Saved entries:
○ ○ ○

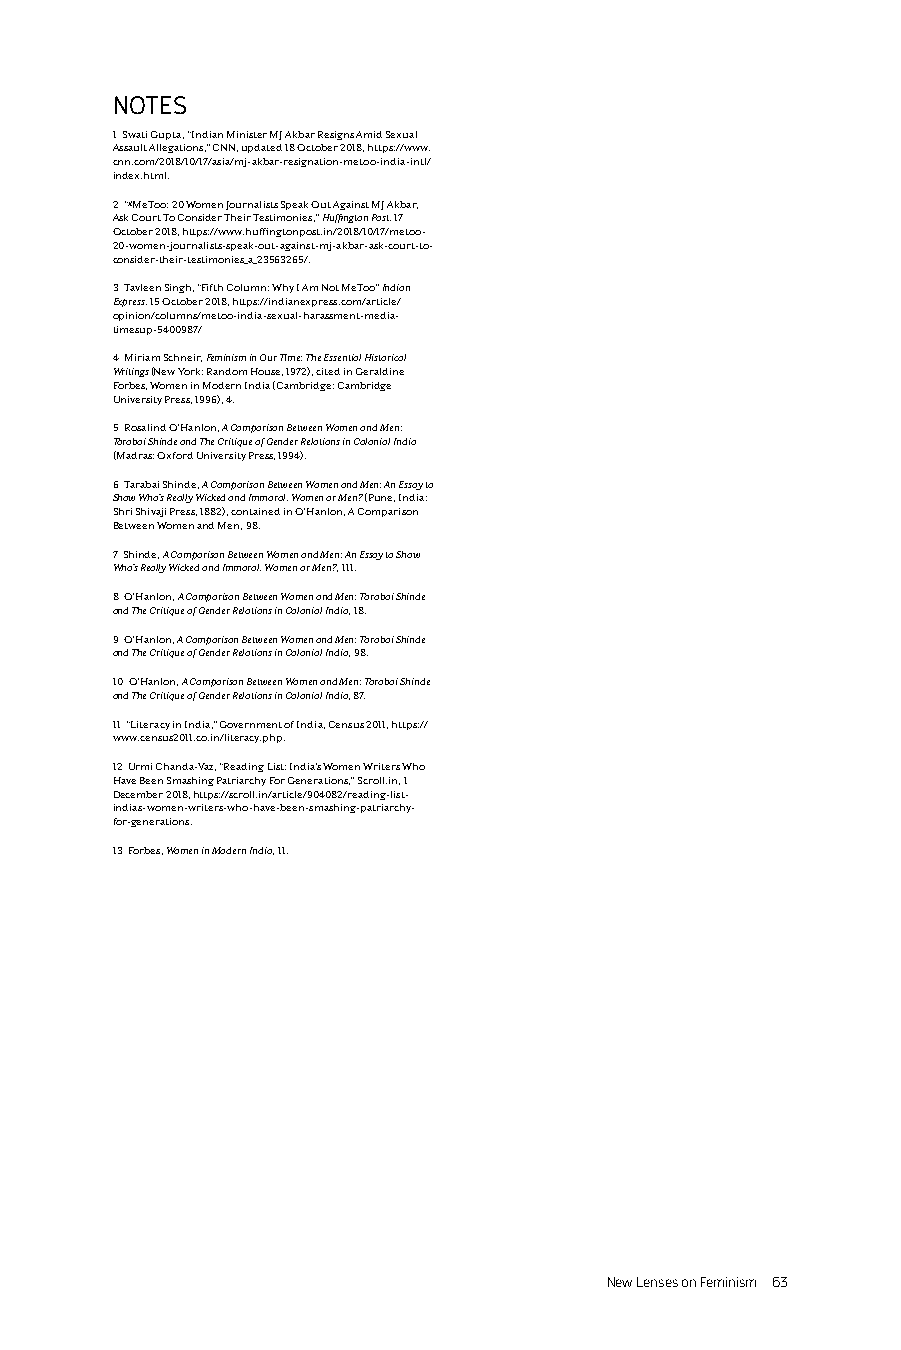
NOTES
 1 Swati Gupta, “Indian Minister MJ Akbar Resigns Amid Sexual
 Assault Allegations,” CNN, updated 18 October 2018, https://www.
 cnn.com/2018/10/17/asia/mj-akbar-resignation-metoo-india-intl/
 index.html.
 2 “#MeToo: 20 Women Journalists Speak Out Against MJ Akbar,
 Ask Court To Consider Their Testimonies,” Huffington Post, 17
 October 2018, https://www.huffingtonpost.in/2018/10/17/metoo-
 20-women-journalists-speak-out-against-mj-akbar-ask-court-to-
 consider-their-testimonies_a_23563265/.
 3 Tavleen Singh, “Fifth Column: Why I Am Not MeToo” Indian
 Express, 15 October 2018, https://indianexpress.com/article/
 opinion/columns/metoo-india-sexual-harassment-media-
 timesup-5400987/
 4 Miriam Schneir, Feminism in Our Time: The Essential Historical
 Writings (New York: Random House, 1972), cited in Geraldine
 Forbes, Women in Modern India (Cambridge: Cambridge
 University Press, 1996), 4.
 5 Rosalind O’Hanlon, A Comparison Between Women and Men:
 Tarabai Shinde and The Critique of Gender Relations in Colonial India
 (Madras: Oxford University Press, 1994).
 6 Tarabai Shinde, A Comparison Between Women and Men: An Essay to
 Show Who’s Really Wicked and Immoral, Women or Men? (Pune, India:
 Shri Shivaji Press, 1882), contained in O’Hanlon, A Comparison
 Between Women and Men, 98.
 7 Shinde, A Comparison Between Women and Men: An Essay to Show
 Who’s Really Wicked and Immoral, Women or Men?, 111.
 8 O’Hanlon, A Comparison Between Women and Men: Tarabai Shinde
 and The Critique of Gender Relations in Colonial India, 18.
 9 O’Hanlon, A Comparison Between Women and Men: Tarabai Shinde
 and The Critique of Gender Relations in Colonial India, 98.
 10 O’Hanlon, A Comparison Between Women and Men: Tarabai Shinde
 and The Critique of Gender Relations in Colonial India, 87.
 11 “Literacy in India,” Government of India, Census 2011, https://
 www.census2011.co.in/literacy.php.
 12 Urmi Chanda-Vaz, “Reading List: India’s Women Writers Who
 Have Been Smashing Patriarchy For Generations,” Scroll.in, 1
 December 2018, https://scroll.in/article/904082/reading-list-
 indias-women-writers-who-have-been-smashing-patriarchy-
 for-generations.
 13 Forbes, Women in Modern India, 11.
 New Lenses on Feminism 63
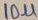
Text: 10u
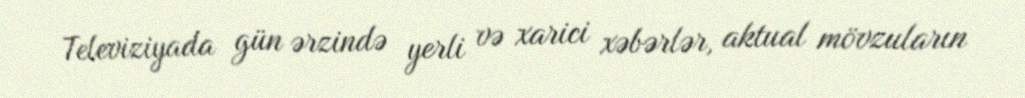
Televiziyada gün ərzində yerli və xarici xəbərlər, aktual mövzuların
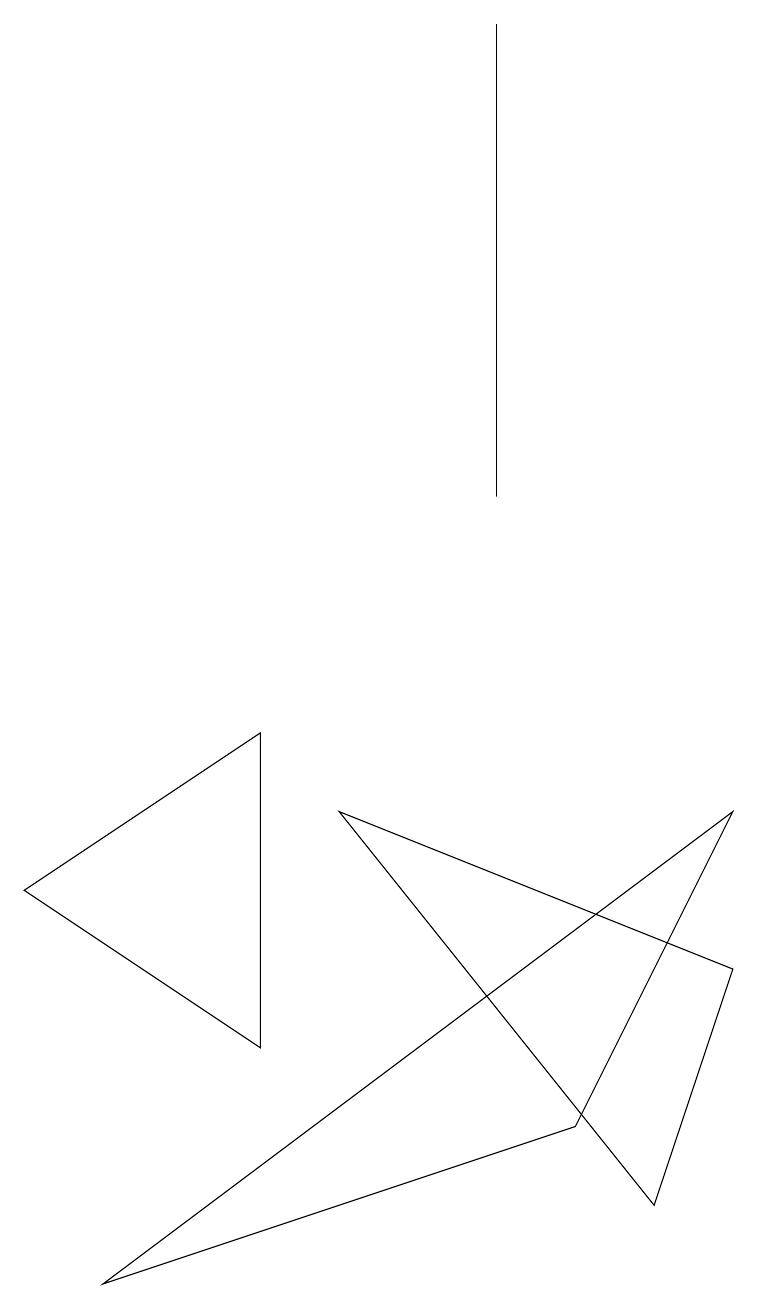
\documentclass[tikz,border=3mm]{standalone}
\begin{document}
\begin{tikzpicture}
\draw (8,1) -- (9,4) -- (4,6) -- cycle;
\draw (0,5) -- (3,7) -- (3,3) -- cycle;
\draw (6,16) rectangle (6,10);
\draw (9,6) -- (7,2) -- (1,0) -- cycle;
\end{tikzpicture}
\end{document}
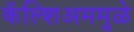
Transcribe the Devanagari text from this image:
कॅल्शिअममुळे
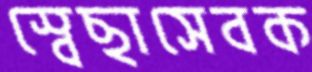
স্বেছাসেবক
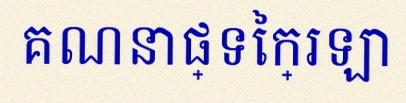
គណនាផ្ទៃក្រឡា
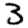
Digit: 3
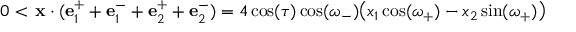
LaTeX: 0 < \, \mathbf { x } \cdot ( \mathbf { e } _ { 1 } ^ { + } + \mathbf { e } _ { 1 } ^ { - } + \mathbf { e } _ { 2 } ^ { + } + \mathbf { e } _ { 2 } ^ { - } ) = 4 \cos ( \tau ) \cos ( \omega _ { - } ) \big ( x _ { 1 } \cos ( \omega _ { + } ) - x _ { 2 } \sin ( \omega _ { + } ) \big )
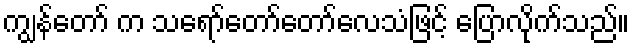
ကျွန်တော် က သရော်တော်တော်လေသံဖြင့် ပြောလိုက်သည်။
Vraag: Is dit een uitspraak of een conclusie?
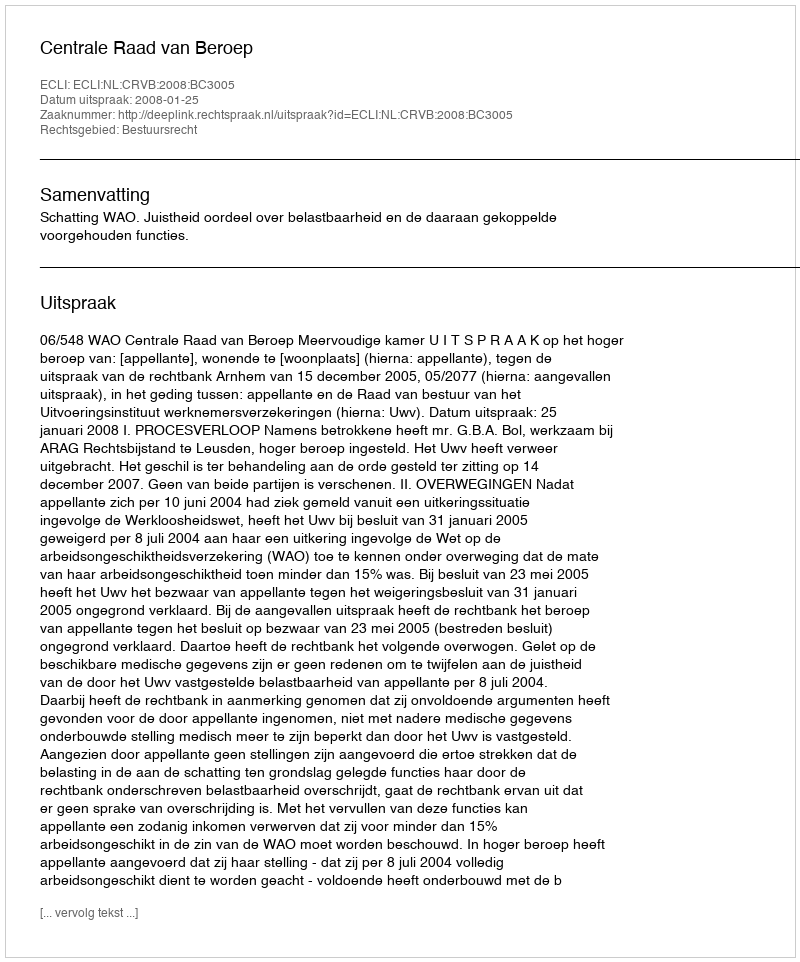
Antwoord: Uitspraak
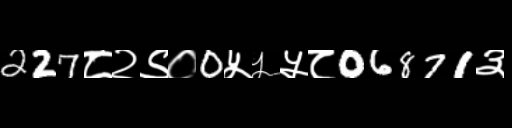
Text: 227८२९०0५५५८06871३
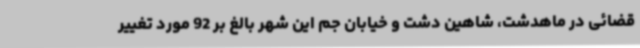
قضائی در ماهدشت، شاهین دشت و خیابان جم این شهر بالغ بر 92 مورد تغییر
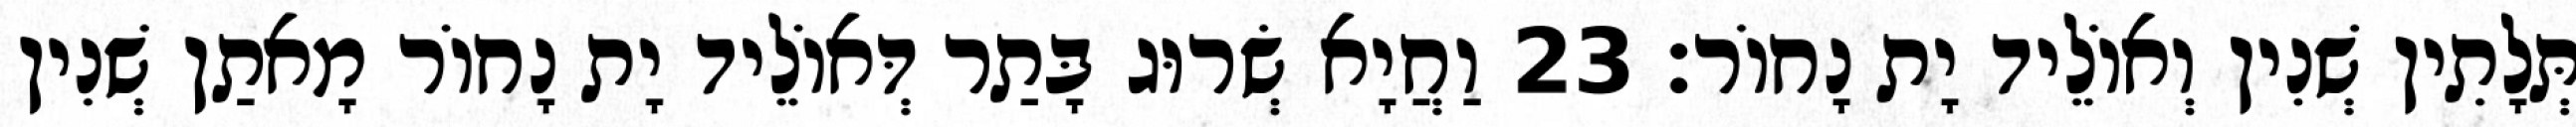
תְּלָתִין שְׁנִין וְאוֹלֵיד יָת נָחוֹר׃ 23 וַחֲיָא שְׂרוּג בָּתַר דְּאוֹלֵיד יָת נָחוֹר מָאתַן שְׁנִין
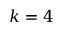
k = 4
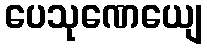
ပေသုဏေယျေ
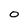
Character: O
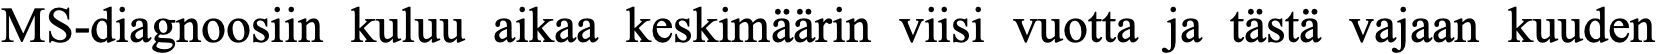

○ ○ ○

Reproduce the entries above exactly, but only the lines between the line holding "(Madras: Oxford University Press, 1994)." and the line holding "Shri Shivaji Press, 1882), contained", inclusive.

 (Madras: Oxford University Press, 1994).
 6 Tarabai Shinde, A Comparison Between Women and Men: An Essay to
 Show Who’s Really Wicked and Immoral, Women or Men? (Pune, India:
 Shri Shivaji Press, 1882), contained in O’Hanlon, A Comparison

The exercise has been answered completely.